Saturday, November 14, 2009

How often should I feed my carnivorous plants?

I've recently bought a Venus Flytrap, and Sundew and a Pitcher plant. I'm going to put the Sundew and Pitcher by my pond (lots of annoying buzzing insects to chomp on) and was thinking of having the Flytrap in the kitchen.

Assuming that I don't get a lot of flys in the kitchen, how often should I be thinking of feeding the Flytrap? I already have a source of suitable food (wax worms over the internet).

And how often should the other 2 be feeding to be healthy (assuming everything else is ok)?

How often should I feed my carnivorous plants?
Certainly one fresh fly a week is good but you can't really over-feed fly-traps. The traps will only trigger 2 or 3 times at most.

Mine live on the outside window-sill for most of the year and the amount they catch varies, but the more successful they are the bigger and better the new traps tend to be and the better the chance it has of producing a flower stalk. Mind you I do tend to snip the flower stalks before they get started as they take a lot of energy away from the plant and slows the growth of new traps.

During winter months they tend to die back and will obviously eat less - if at all. As long as they've eaten reasonably well in the summer months they should keep coming back year after year.

As for feeding them meat, opinion is divided. Part of the digestive mechanism comes from the struggling of the victim which stimulates the trap to tighten and produce more digestive fluids. At the very least do not feed them on insects which have been dead a while.

Other useful care tips are to never make the traps close artificially - they'll die - and never use fresh tap water or fertilisers - the soluble salts kill them.

Also, despite instructions saying that you must use sphagnum moss, you can re-pot them in peat - just make sure it's been thoroughly washed through with rain-water or demineralised water first

Enjoy !
Reply:The two outdoor plants shouldn't need to be fed by you - they will take care of it for themselves.

The flytrap will need one bug/week if you keep it indoors where no bugs are available. An ant will do just fine.

Remember carnivorous plants also need sunlight. Keep the flytrap in higher humidity and heat.
Reply:Raw hamburger or flies. As soon as it opens put more food in. It'll grow faster that way.
Reply:one finger a day.
Reply:Lots of advice here - just an extra thought, most carnivorous plants that you buy at garden centres in UK are not frost hardy - perhaps you should keep them in pots, and bring them indoors for the Winter.
Reply:Aren't they old enough to feed themselves. Just buy yourself a cow or chicken and tie it up next to your plants.
Reply:Just feed them a tiny piece of hamburger about the size of a small pea.

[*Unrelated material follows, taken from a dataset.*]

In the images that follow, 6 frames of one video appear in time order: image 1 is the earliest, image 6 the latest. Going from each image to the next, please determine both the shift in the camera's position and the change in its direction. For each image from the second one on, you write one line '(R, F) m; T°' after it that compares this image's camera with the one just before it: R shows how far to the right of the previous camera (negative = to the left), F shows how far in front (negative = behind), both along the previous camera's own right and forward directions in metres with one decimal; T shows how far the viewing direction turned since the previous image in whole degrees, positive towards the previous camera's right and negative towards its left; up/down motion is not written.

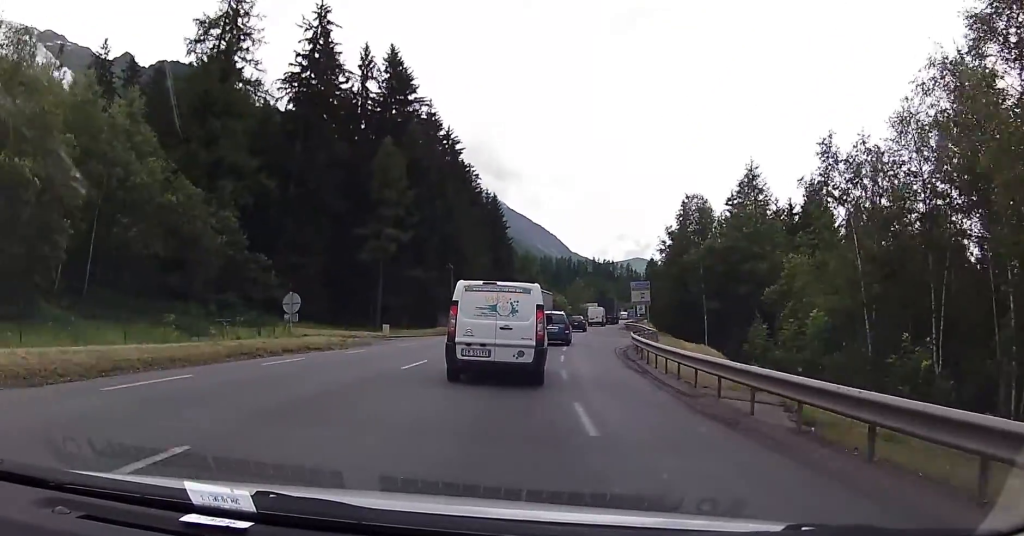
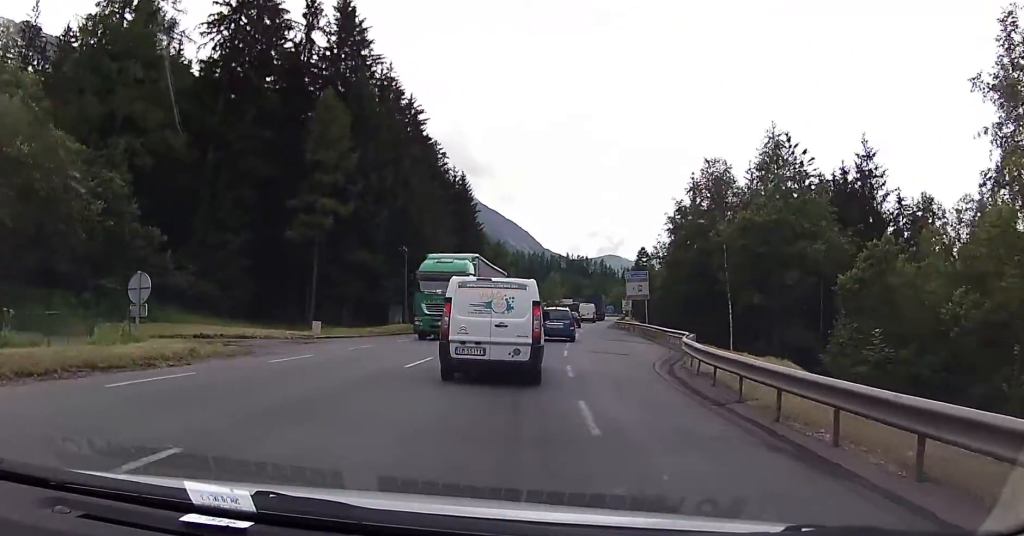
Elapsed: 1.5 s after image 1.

We feed ours one piece about once a week. We have kept it happy for years.
Reply:dont feed them at all. even indoors they will still catch all the food they need for themselves.
Reply:The indoor one will be catching small insects but I give mine a small peice of mince every so often. If rain water is unavailable I use tap water.
Reply:OK, first I assume you are only feeding your plants bugs. That being said, here is a dirty secret: Your plants really do not need to be fed! They will survive perfectly well without you giving them bugs. They may grow a little slower, produce few seeds, etc., but they will live. Furthermore, unless you keep a house so clean that your coworkers like to talk about it behind your back, you actually have quite a few bugs in your house that your plant will get: gnats, roaches, flies, etc. But if you want to feed your plant bugs, a good rule is not to feed it more than about one bug per week. If you want to feed them more often, get more plants.

Experienced carnivorous plant growers may think I'm being too hard on you, and should tell you that you can feed your plants more often. The problem is that it is easy to overdo the feeding. I have found that a long-unfed Venus Flytrap should not be heavily fed right away. Doing so kills several of the leaves and sets the plant back. I would not be surprised if other carnivorous plants are the same way.
Reply:Do not feed them at all.

The ones outside will attract and catch more than enough insects on thier own. As for the venus fly trap, it will be fine too. While you may not see bugs inside your house, they are there.

From ants to gnats to small flys, all houses have small bugs in them.

These plants do not require much fodat all and they will be able to catch all that they need.

On a completely unrelated note, The best thing you can actually do is to put the venus fly trap outside and the sundew inside.

Sundews, being Bog plants actually can be killed if placed in a normal pond. They became carnivorous as a result of living in nutritionally "dead" water. Your pond will probably kill it. Sundews are supposed to be water with distilled water as regular water will burn the roots and kill it.

Also, instead of feeding it insect, while certainly less interesting, the carnivorous plants can be fed using regualar plant food that is diluted to less than 10% of its normal strength (shows just how little they need). But you really dont have to worry about feeding them anything as they will take care of themselves.